-- About this task --
Reproduce, with no alteration, the span of lines that begins at the line containing "STEP (ISO 10303-21)" and ends at the last line of the records, both ends included, and nothing else.

+===+

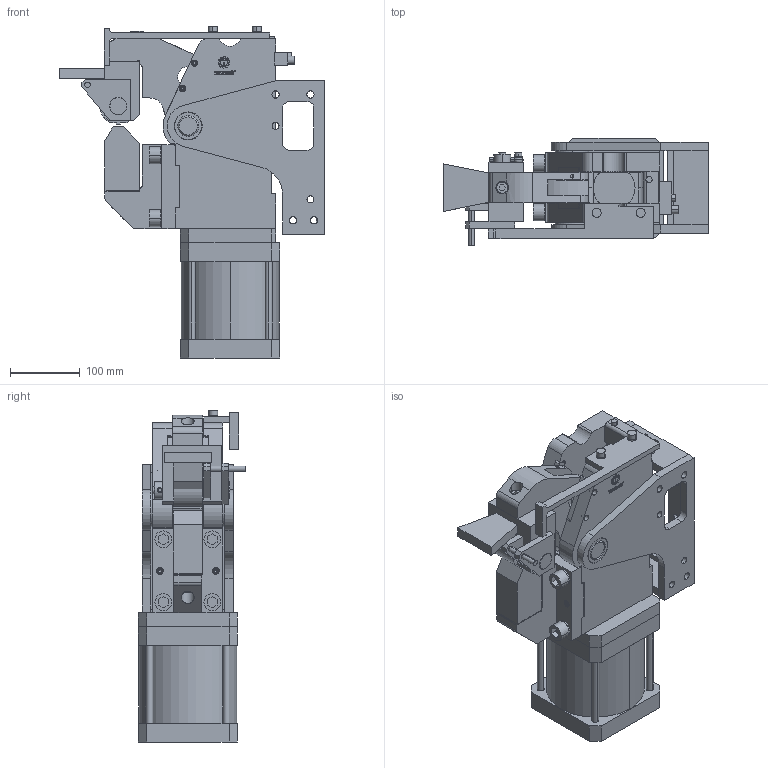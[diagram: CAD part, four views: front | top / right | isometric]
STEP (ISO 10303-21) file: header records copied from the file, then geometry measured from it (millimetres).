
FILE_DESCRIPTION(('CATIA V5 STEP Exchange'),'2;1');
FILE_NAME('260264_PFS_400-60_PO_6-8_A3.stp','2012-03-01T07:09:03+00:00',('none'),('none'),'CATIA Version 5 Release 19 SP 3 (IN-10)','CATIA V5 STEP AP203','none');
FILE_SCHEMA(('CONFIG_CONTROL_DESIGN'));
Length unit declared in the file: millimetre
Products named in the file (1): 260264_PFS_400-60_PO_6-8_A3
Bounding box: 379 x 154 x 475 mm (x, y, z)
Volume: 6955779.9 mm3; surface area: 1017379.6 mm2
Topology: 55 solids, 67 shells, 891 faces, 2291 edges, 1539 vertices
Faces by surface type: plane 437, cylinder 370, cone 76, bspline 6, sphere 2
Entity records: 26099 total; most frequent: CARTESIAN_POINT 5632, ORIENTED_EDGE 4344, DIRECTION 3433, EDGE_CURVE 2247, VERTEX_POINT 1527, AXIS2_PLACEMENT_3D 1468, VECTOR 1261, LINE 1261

+===+

-- Task response --
STEP (ISO 10303-21) file: header records copied from the file, then geometry measured from it (millimetres).
FILE_DESCRIPTION(('CATIA V5 STEP Exchange'),'2;1');
FILE_NAME('260264_PFS_400-60_PO_6-8_A3.stp','2012-03-01T07:09:03+00:00',('none'),('none'),'CATIA Version 5 Release 19 SP 3 (IN-10)','CATIA V5 STEP AP203','none');
FILE_SCHEMA(('CONFIG_CONTROL_DESIGN'));
Length unit declared in the file: millimetre
Products named in the file (1): 260264_PFS_400-60_PO_6-8_A3
Bounding box: 379 x 154 x 475 mm (x, y, z)
Volume: 6955779.9 mm3; surface area: 1017379.6 mm2
Topology: 55 solids, 67 shells, 891 faces, 2291 edges, 1539 vertices
Faces by surface type: plane 437, cylinder 370, cone 76, bspline 6, sphere 2
Entity records: 26099 total; most frequent: CARTESIAN_POINT 5632, ORIENTED_EDGE 4344, DIRECTION 3433, EDGE_CURVE 2247, VERTEX_POINT 1527, AXIS2_PLACEMENT_3D 1468, VECTOR 1261, LINE 1261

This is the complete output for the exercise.